* Recorded data
================

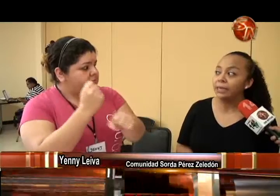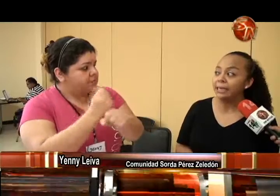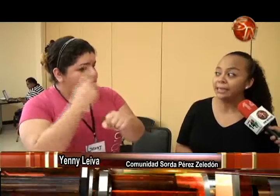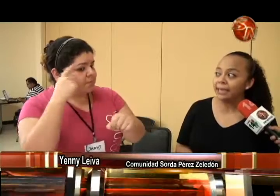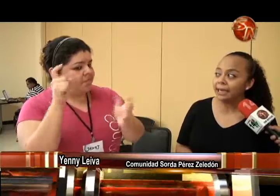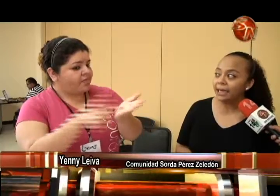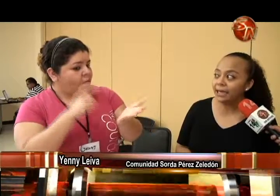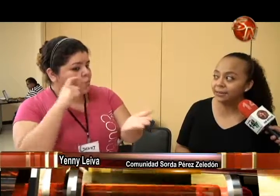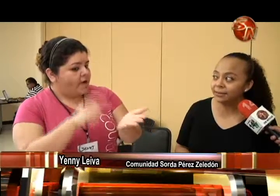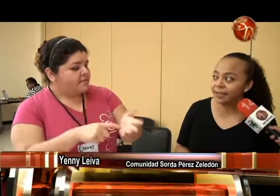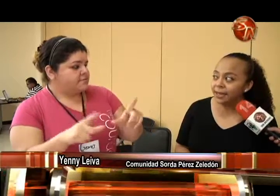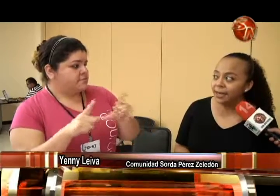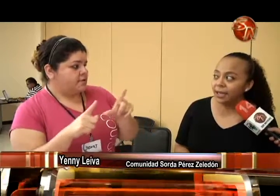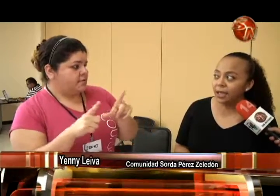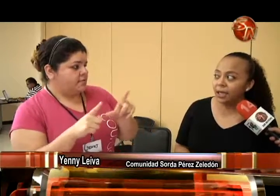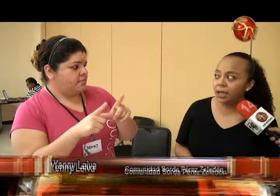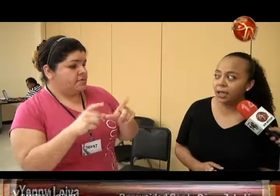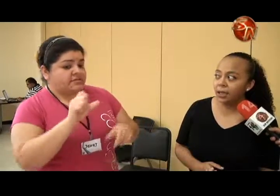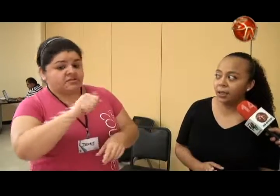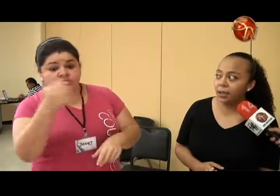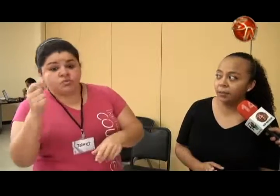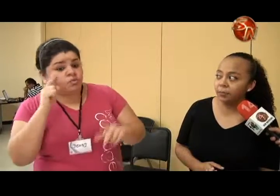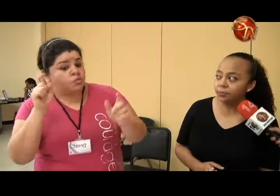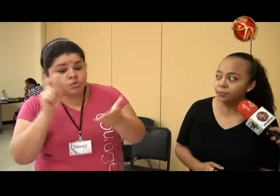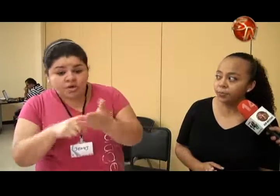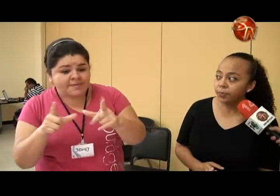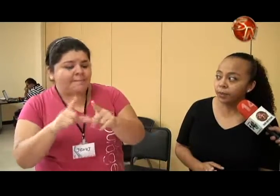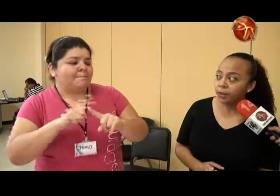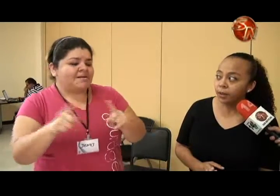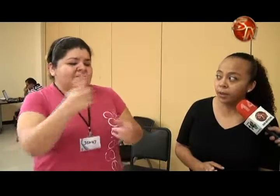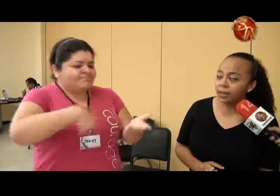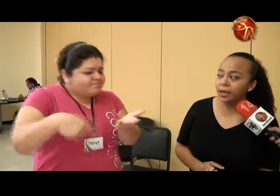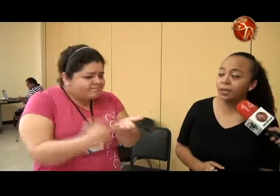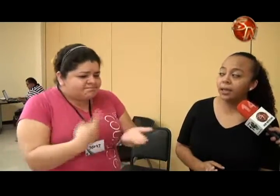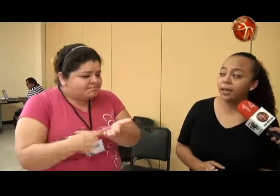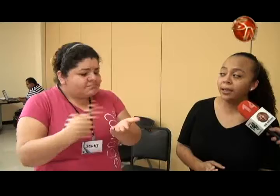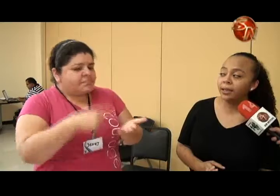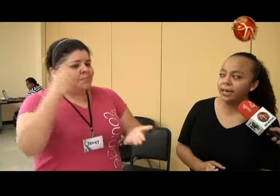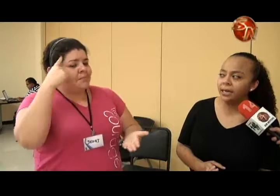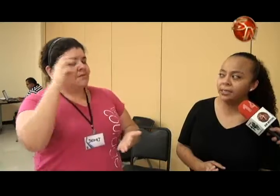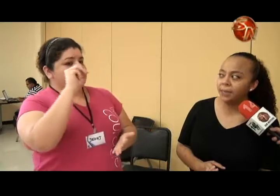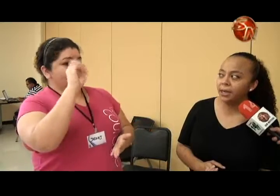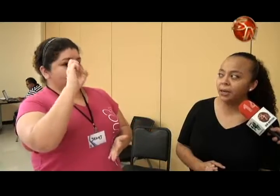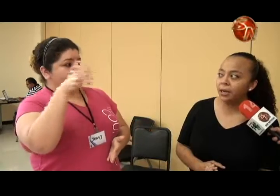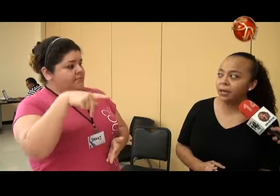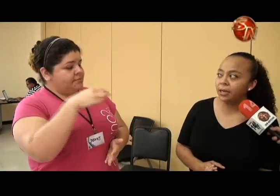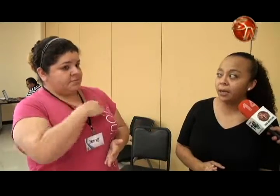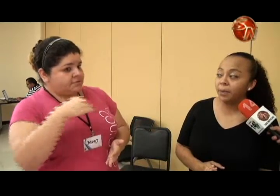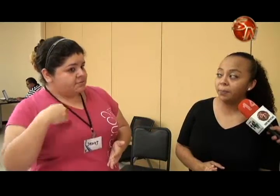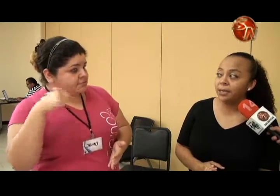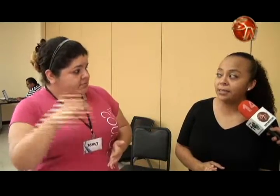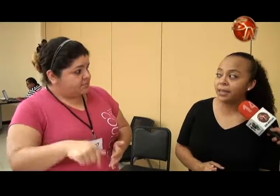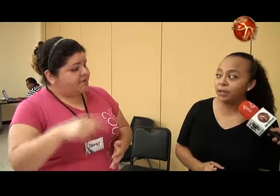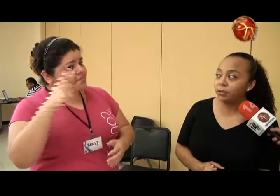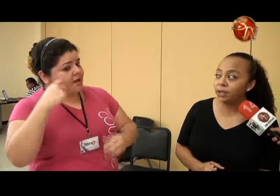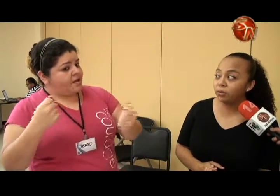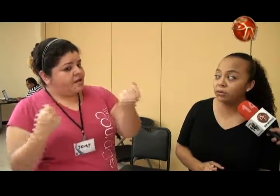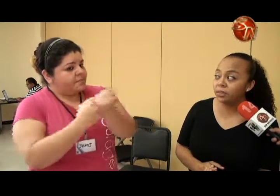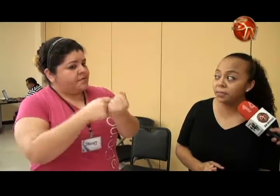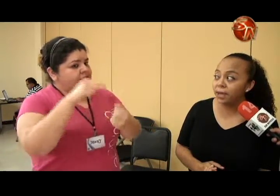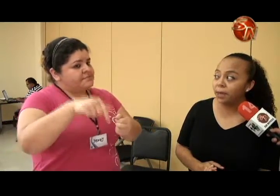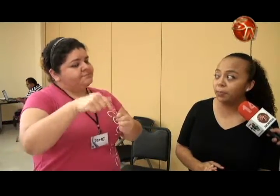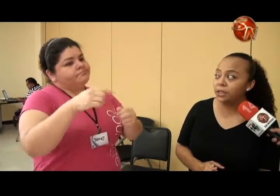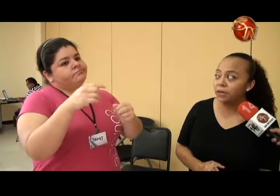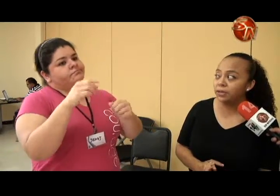podemos seguir adelante e indicarles también que el MEP les está dando
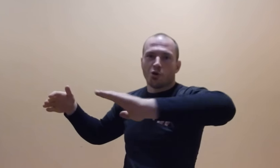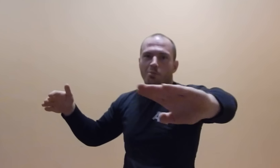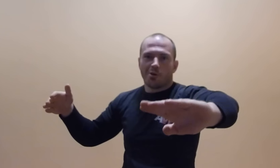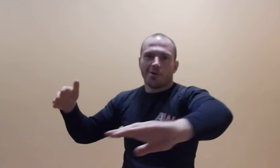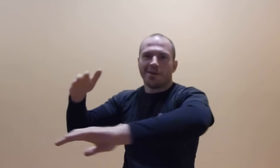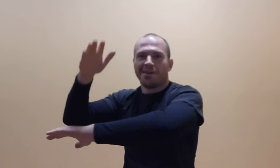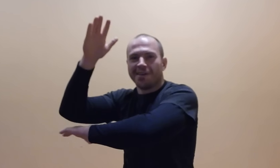chop,
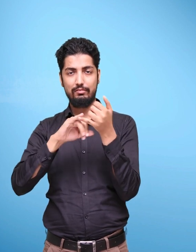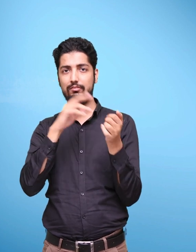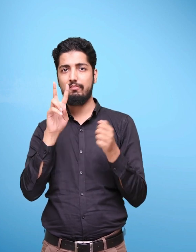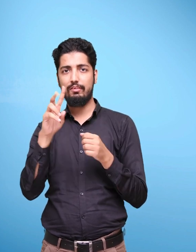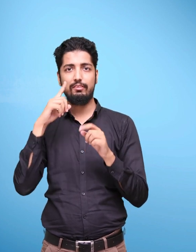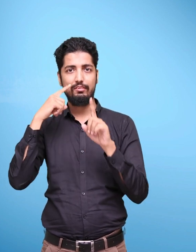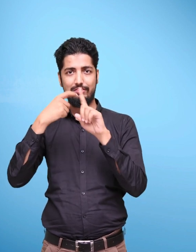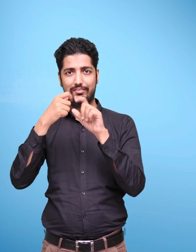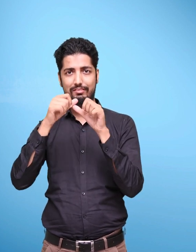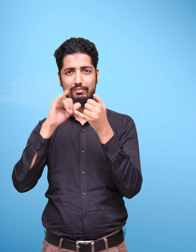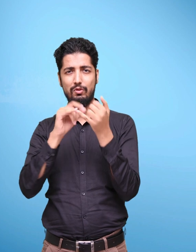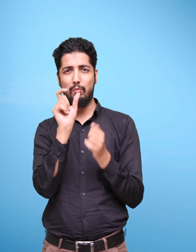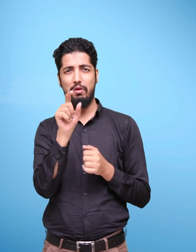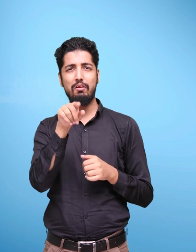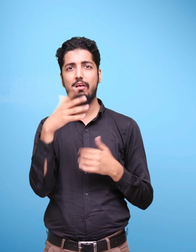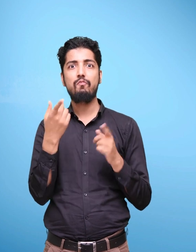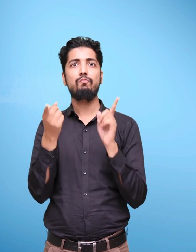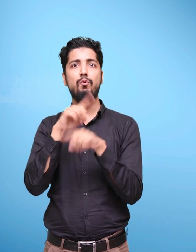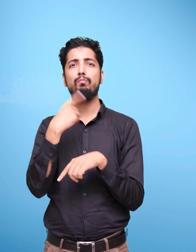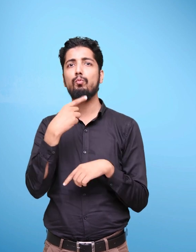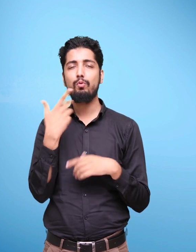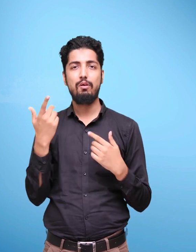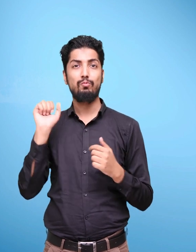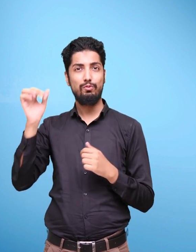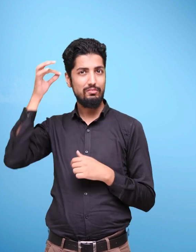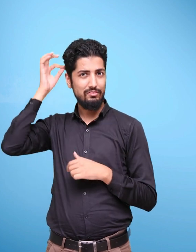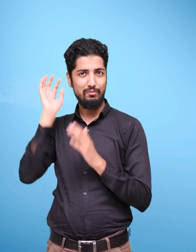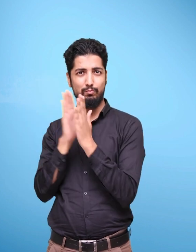the development of the five sheaths of human personality

================

* What is being asked
Write the lines above out again exactly, excluding every picture.

* Response
podemos seguir adelante e indicarles también que el MEP les está dando
chop,
the development of the five sheaths of human personality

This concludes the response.